Hong Kong people turbocharging Bitcoin adoption as demonstrations against Chinese interference in the country

Recent protests in Hong Kong have attracted worldwide attention. Moreover, along with the recent development of Bitcoin in Hong Kong, many people have questioned the usefulness of Bitcoin in the nation’s struggle against China.


Source: Coin.dance

Unstable political situation in Hong Kong

Last week, the mainland Chinese government proposed a new security law for the region of Hong Kong — a former colony of Britain turned a special status city in China, known for being a hub of finance. The Beijing government claimed it is needed to tackle growing terrorism within Hong Kong, but many in the global community and thousands of locals believe the law encroaches on their democracy — something China promised to uphold until 2047.

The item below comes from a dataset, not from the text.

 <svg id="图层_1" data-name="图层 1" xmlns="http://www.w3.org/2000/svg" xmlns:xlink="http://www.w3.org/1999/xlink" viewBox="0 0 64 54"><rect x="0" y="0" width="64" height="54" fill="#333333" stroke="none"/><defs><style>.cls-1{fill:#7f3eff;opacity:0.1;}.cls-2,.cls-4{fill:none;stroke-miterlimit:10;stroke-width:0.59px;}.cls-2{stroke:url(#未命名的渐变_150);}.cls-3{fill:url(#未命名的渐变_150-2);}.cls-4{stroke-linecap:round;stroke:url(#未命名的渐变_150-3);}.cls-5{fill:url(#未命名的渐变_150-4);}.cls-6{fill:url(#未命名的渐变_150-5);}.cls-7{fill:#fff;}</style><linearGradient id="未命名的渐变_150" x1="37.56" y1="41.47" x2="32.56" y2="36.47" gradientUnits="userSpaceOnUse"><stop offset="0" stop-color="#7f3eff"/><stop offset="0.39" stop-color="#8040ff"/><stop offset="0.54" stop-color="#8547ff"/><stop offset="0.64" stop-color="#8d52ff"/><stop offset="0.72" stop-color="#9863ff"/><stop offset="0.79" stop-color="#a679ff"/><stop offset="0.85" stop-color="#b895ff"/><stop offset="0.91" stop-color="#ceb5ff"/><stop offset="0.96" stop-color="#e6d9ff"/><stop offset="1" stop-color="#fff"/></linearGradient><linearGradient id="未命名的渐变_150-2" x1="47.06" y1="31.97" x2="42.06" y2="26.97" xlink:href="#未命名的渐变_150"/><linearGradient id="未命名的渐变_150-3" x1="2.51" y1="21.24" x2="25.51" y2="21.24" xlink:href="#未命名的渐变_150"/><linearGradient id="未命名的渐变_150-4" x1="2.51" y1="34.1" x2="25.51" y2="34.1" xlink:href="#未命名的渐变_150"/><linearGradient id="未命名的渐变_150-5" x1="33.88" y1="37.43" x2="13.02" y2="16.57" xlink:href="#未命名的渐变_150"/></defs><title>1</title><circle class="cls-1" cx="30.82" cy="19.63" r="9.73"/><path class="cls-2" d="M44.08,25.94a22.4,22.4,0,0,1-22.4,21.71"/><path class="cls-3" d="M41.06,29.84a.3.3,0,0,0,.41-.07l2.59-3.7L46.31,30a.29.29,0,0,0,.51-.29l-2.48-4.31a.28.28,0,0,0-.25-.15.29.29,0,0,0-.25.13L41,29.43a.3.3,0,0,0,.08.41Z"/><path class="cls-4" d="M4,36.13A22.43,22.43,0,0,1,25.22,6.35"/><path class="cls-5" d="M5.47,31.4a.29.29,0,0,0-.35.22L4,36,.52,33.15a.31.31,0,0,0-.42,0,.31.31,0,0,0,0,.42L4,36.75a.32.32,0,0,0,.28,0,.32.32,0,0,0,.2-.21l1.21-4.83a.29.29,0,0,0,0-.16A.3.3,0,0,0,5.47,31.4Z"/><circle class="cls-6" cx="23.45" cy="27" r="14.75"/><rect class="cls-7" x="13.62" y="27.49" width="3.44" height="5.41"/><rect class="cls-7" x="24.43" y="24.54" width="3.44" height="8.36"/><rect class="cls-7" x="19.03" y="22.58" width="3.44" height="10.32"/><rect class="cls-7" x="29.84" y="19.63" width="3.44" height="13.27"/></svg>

Demonstrators gesture the “Five demands, not one less” protest motto during a demonstration against a planned national security law in the Causeway Bay district in Hong Kong, China, on Sunday. Bloomberg

The introduction of the law is part of a wider conflict between Hong Kong locals — two million of which marched in the streets last year — and the mainland Chinese government. Officials around the world, especially in the E.U. and in the U.S. have begun to condemn the law, and have begun to even threaten economic sanctions.

Due to these geopolitical developments, the Chinese yuan has begun to drop against the U.S. dollar once again — just as it did last year on the back of billions of dollars of tariffs.

Businesses are turbocharging Bitcoin adoption as demonstrations against Chinese

In 2018, Hong Kong’s Securities & Futures Commission (SFC) issued compliance guidance regarding both digital asset exchanges and portfolio management for digital assets. One year on, very few businesses have actually managed to enter the proposed sandbox regime, possibly due to how stringent those rules were perceived to be. SFC has also warned against futures trading of digital assets due to excessive leverage and high complexity and said that it is unlikely to grant a license there.

However, despite the aforementioned regulations, Hong Kong people still decided to look for Bitcoin and cryptocurrency.

Hong Kong people who trade Bitcoin depend a lot on the volume of transactions. In small quantities, people will buy Bitcoin at Bitcoin ATMs available throughout Hong Kong or directly from friends.

According to statistics from CoinATMRadar, there are currently 55 Bitcoin ATMs throughout Hong Kong.


Source: CoinATMRadar

For average volumes (about thousands of US dollars), Hong Kong residents will trade on major exchanges like Bitstamp, Kraken, or Gemini. For larger amounts, people often come to OTC trading.

However, Leonhard Weese, President of The Bitcoin Association of Hong Kong, stated:

“We do not see a direct link between the protest movement and Hong Kong crypto adoption. People don’t see how crypto immediately helps them solve the problems they have. So far, financial censorship isn’t very common and money itself isn’t the issue. Cash works well in the offline world.”

Weese’s argument is also not wrong because as the chart from Coin.dance above, we can see that Bitcoin transaction volume is not really breakthrough. However, it retains steady growth. This can confirm that Bitcoin trading in Hong Kong is still very stable, there is no sign of cooling down but not significantly increased.

However, if indeed the unrest in Hong Kong will lead to greater crypto adoption, then we will see crypto trading activities will significant uptick starting from June this year when the first major protest took place.